燃料電池車や家庭用暖房といった用途は、直接電化による代替手段の急速な進展により、最も有望性が低い応用分野である。一方で、水素は産業用途、長期間のエネルギー貯蔵、長距離輸送といった分野で可能性を有しているが、その競争力は、広範な導入によって大幅なコスト削減が実現されることに依存している。
現時点での水素製造コストの推定値は最大で5倍ものばらつきがあり、輸送・貯蔵コストを加味すれば、2030年の目標達成は困難であると考えられる。また、水電解やメタン改質(CCS付き)による水素製造は、全体システムや上流段階での温室効果ガス排出を増加させる可能性があり、加えて水資源の枯渇や有機汚染の問題もある。今後の研究は、こうした不確実性の解消に向けて取り組むべきであり、競争力のある優先分野に戦略的に水素を展開することが求められる。
2.”Key Points”(キーポイント)の和訳
・水素は多用途に使用可能な柔軟性を持つが、クリーン水素の導入は、直接電化などの代替手段と比較して、コストおよび持続可能性の観点で最も効果が見込まれる分野に戦略的に限定して行うべきである。

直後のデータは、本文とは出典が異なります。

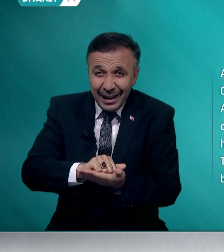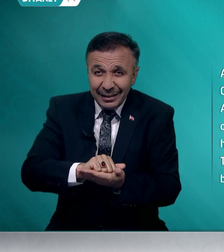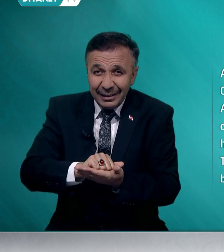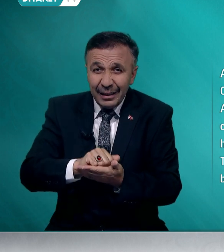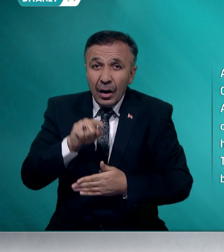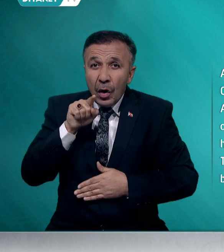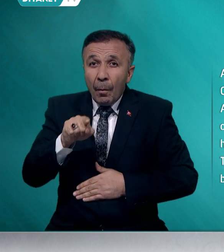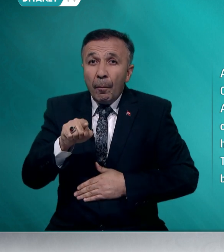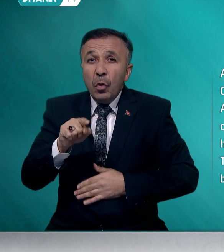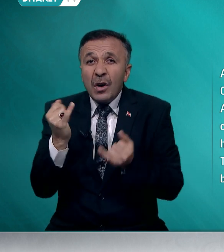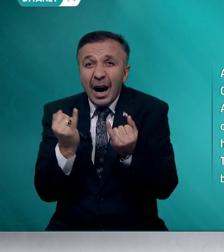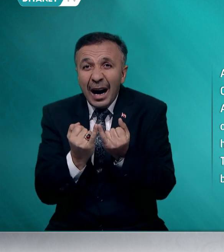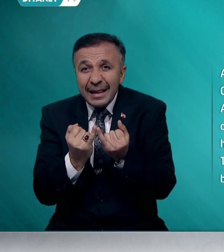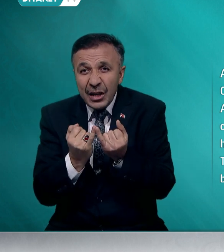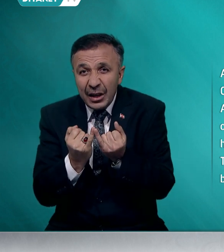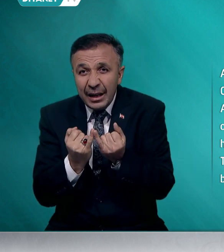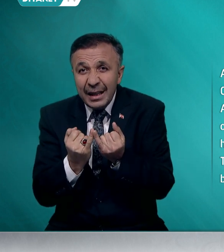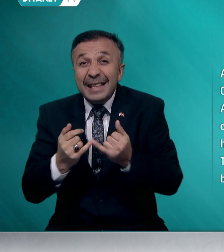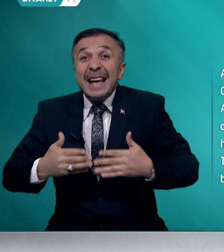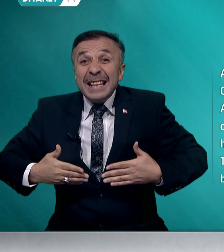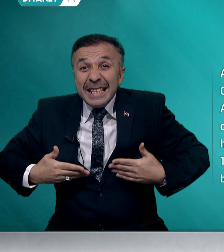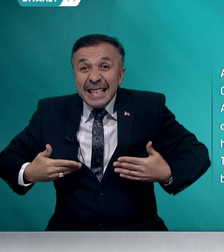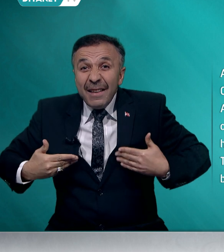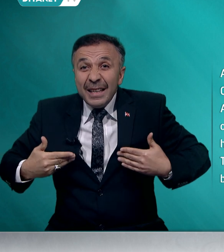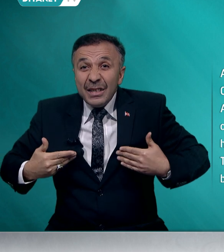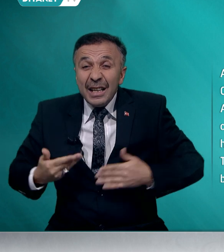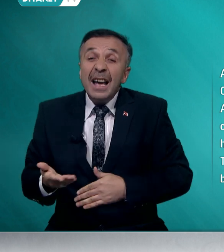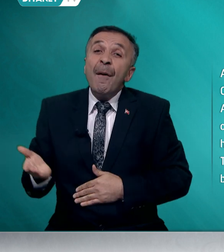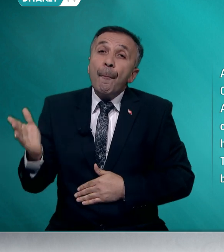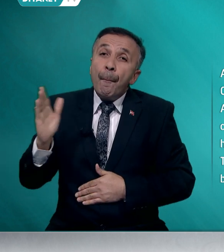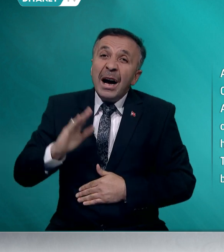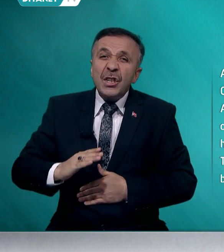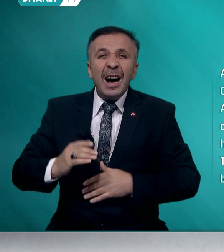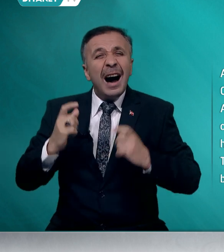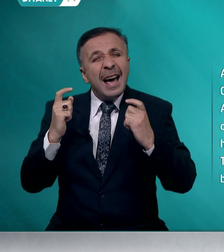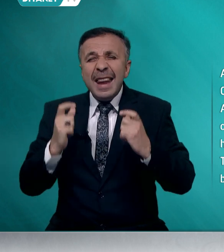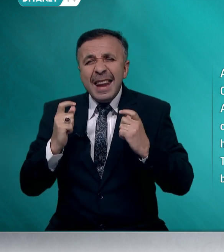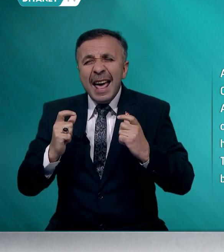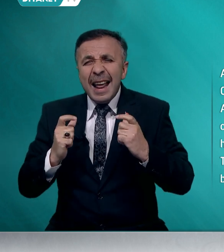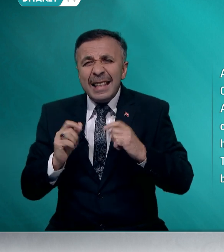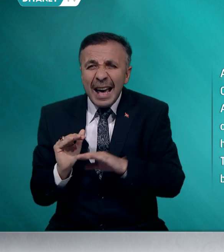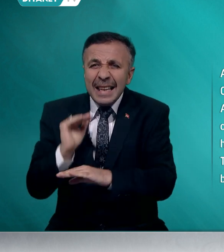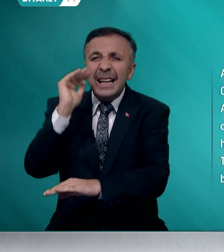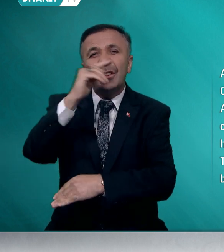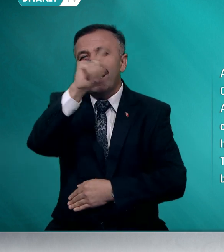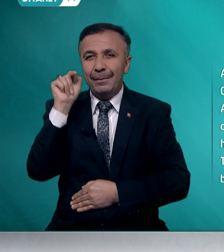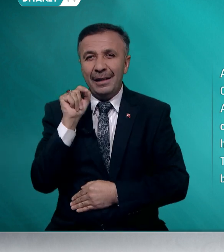bu kardeşliğin sevinci başka nerede yaşanabilir?

・システム的障壁を克服するためには、供給・需要・インフラが同時に発展する必要がある。しかし、水素の物理的特性――低エネルギー密度、可燃性、漏洩性、金属脆化性――は、あらゆる段階においてコスト、安全性、社会的受容性の課題をもたらす。
・数十年にわたり、クリーン水素経済の予測は「スケール拡大によるコスト削減」に依存してきた。しかし実際には、製造コストはエンジニアリングとエネルギー入力に大きく依存しており、加えて輸送、貯蔵、利用にかかるコストもある。これらは、太陽光発電や蓄電池のように急激なコスト低下を示す可能性は低い。
・クリーン水素が脱炭素化の目標に貢献するためには、サプライチェーン全体を通じて低排出でなければならない。システムレベルでの評価では、クリーン水素製造に伴う上流段階や副次的な温室効果ガス排出、さらには広範な環境影響が問題として浮上している。持続可能なクリーン水素の実現には、複数の前提条件が満たされる必要がある。
・短期的には、再生可能電力は水素製造に回すよりも、発電・暖房・輸送などに直接使用する方が温室効果ガスの削減効果が高い。長期的には、水素が余剰再エネ電力の電力系統への統合を通じて、その導入を促進する役割を果たす可能性がある。
・低炭素水素は、既存用途(石油化学や肥料など、世界のCO?排出の約2%に相当)の脱炭素化に不可欠である。また、鉄鋼、重量物輸送、長期貯蔵など、他の選択肢が極めて高コストとなる用途でも重要である。水素戦略は、これらの分野を優先的に支援することで、最大の効果を発揮すべきである。
3.図の抜粋
現在の水素製造・用途
b. 現在の水素生産量は年1億トン(100 Mt)弱で、主に原料用途に使用されているが、エネルギー量にすると世界の最終エネルギーの3%程度。
c. 現在の製造の原料は主に天然ガスと石炭、それに化学プロセスの副生水素。クリーン水素は1%程度。
d. 用途は石油精製、アンモニアの製造原料、メタノール製造原料など。
水素の導入予測の変化
左側の線に示されるように2000年頃までの水素の導入予測には大きな期待が示されていた。
右側の最近の予測でも相当大きな値もあるが、平均的には2050年に300Mt程度で現在の生産量(100 Mt弱、生産の実績は点線)の3倍程度。
水素製造のコスト
現在のクリーン水素プロジェクトにおけるコストは黒●。英国・日本・米国の目標コストは青色の線なので、プロジェクトでのコストと目標コストには大きな差がある。
水素の輸送に伴うCO2排出量の増加
船舶による輸送(上)では水素液化の転換プロセスのエネルギーが大きい。パイプラインによる輸送(下)では配管敷設などが大きく、距離に比例して増加。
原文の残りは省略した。